_Exercise objective_
Each line below needs to be returned exactly. Skip any picture.

_Material shown_
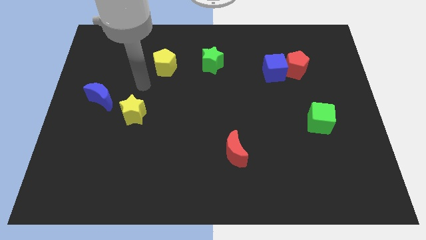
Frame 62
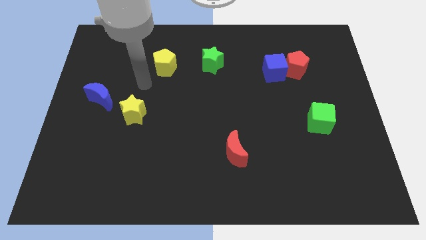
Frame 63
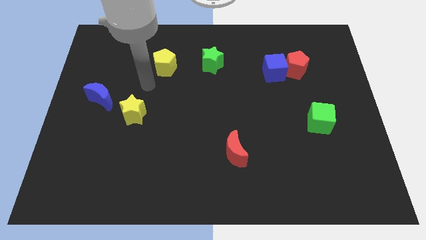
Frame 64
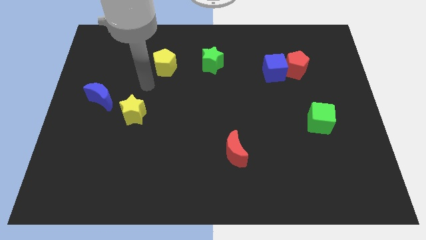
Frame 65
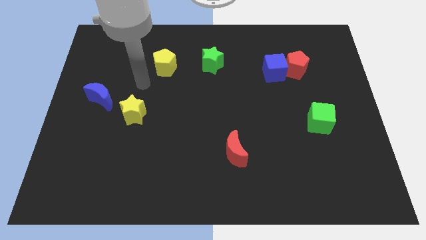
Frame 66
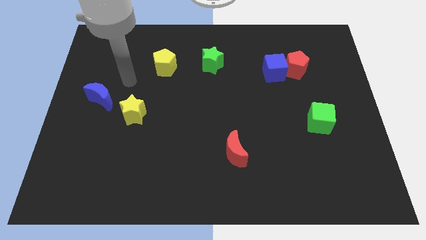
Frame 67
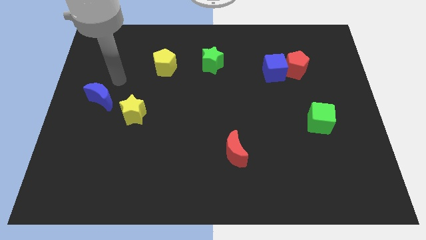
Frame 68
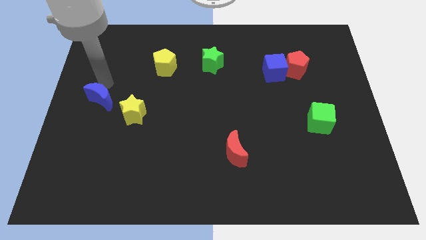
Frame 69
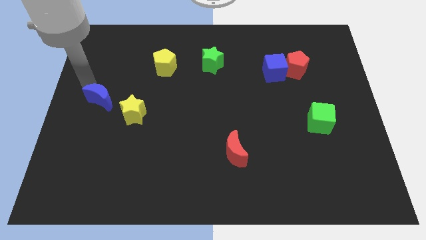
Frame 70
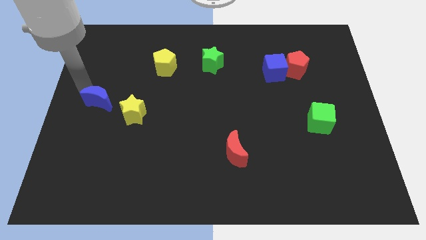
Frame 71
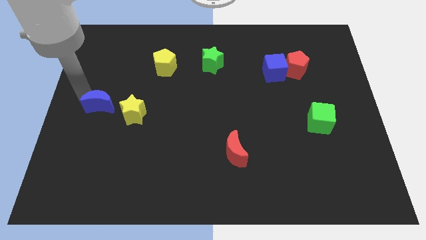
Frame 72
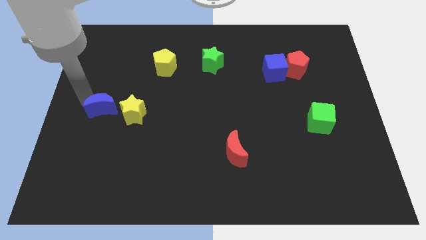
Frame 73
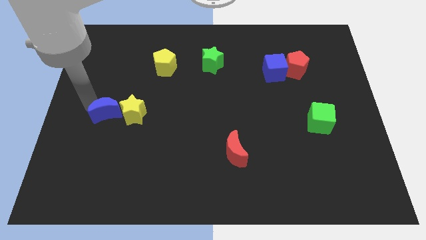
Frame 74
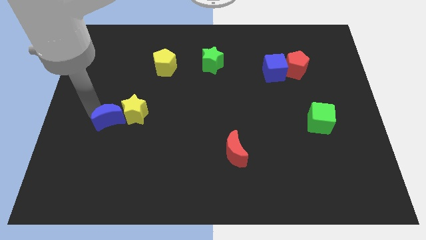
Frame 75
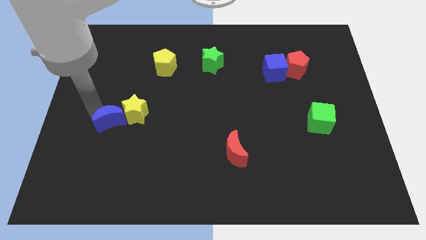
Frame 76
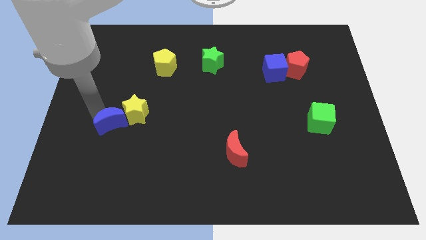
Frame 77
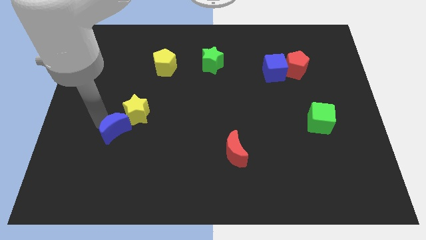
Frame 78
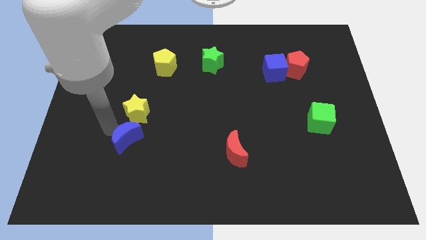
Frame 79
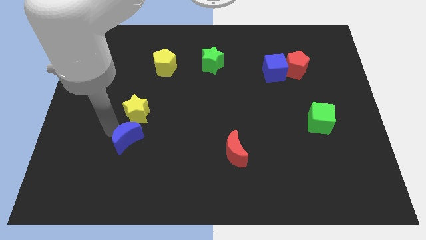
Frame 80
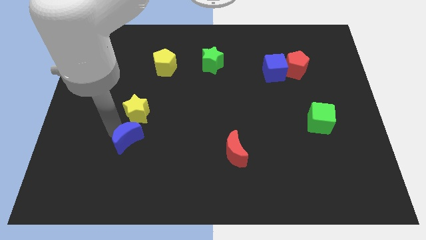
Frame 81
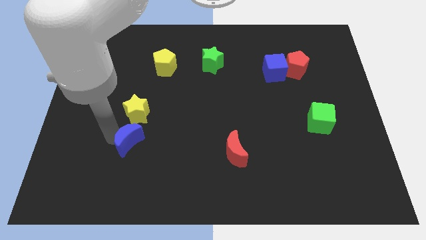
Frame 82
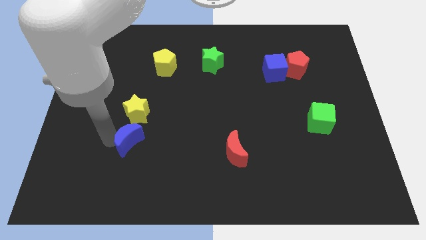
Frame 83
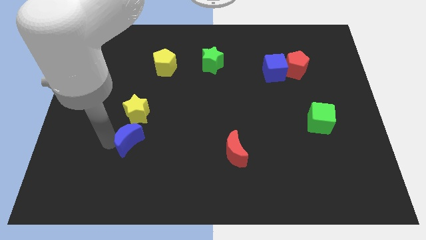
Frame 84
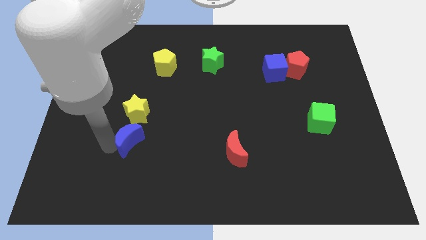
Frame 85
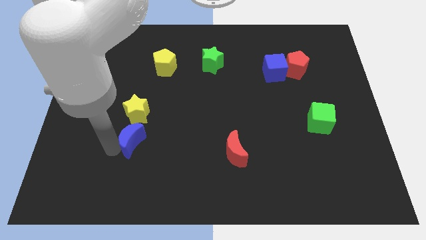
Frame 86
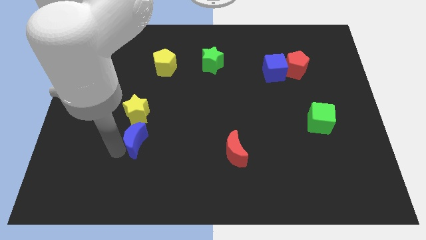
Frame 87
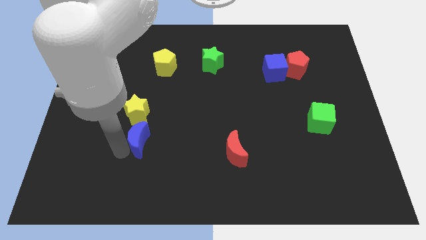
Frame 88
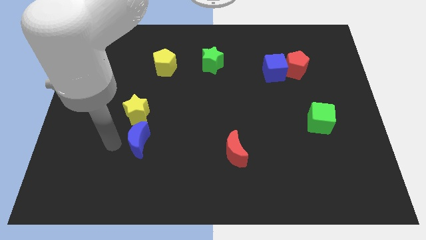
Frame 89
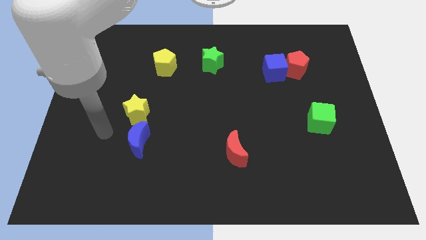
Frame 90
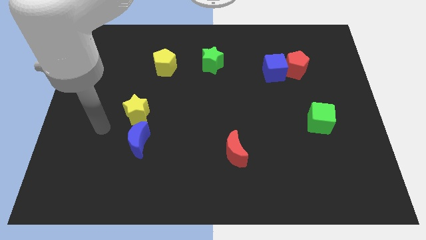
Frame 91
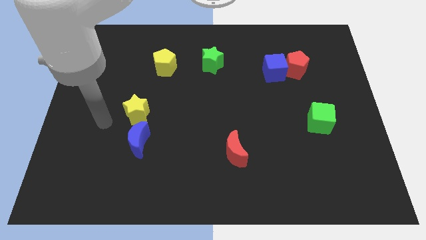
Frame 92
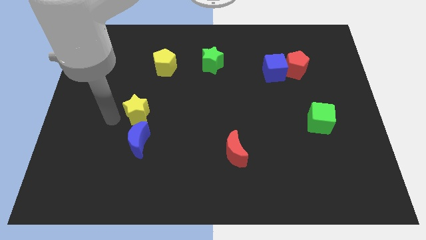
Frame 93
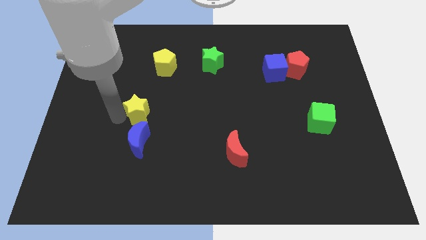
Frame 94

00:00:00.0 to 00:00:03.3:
move blue moon to the bottom of yellow star

_Written solution_
Frame 62
Frame 63
Frame 64
Frame 65
Frame 66
Frame 67
Frame 68
Frame 69
Frame 70
Frame 71
Frame 72
Frame 73
Frame 74
Frame 75
Frame 76
Frame 77
Frame 78
Frame 79
Frame 80
Frame 81
Frame 82
Frame 83
Frame 84
Frame 85
Frame 86
Frame 87
Frame 88
Frame 89
Frame 90
Frame 91
Frame 92
Frame 93
Frame 94

00:00:00.0 to 00:00:03.3:
move blue moon to the bottom of yellow star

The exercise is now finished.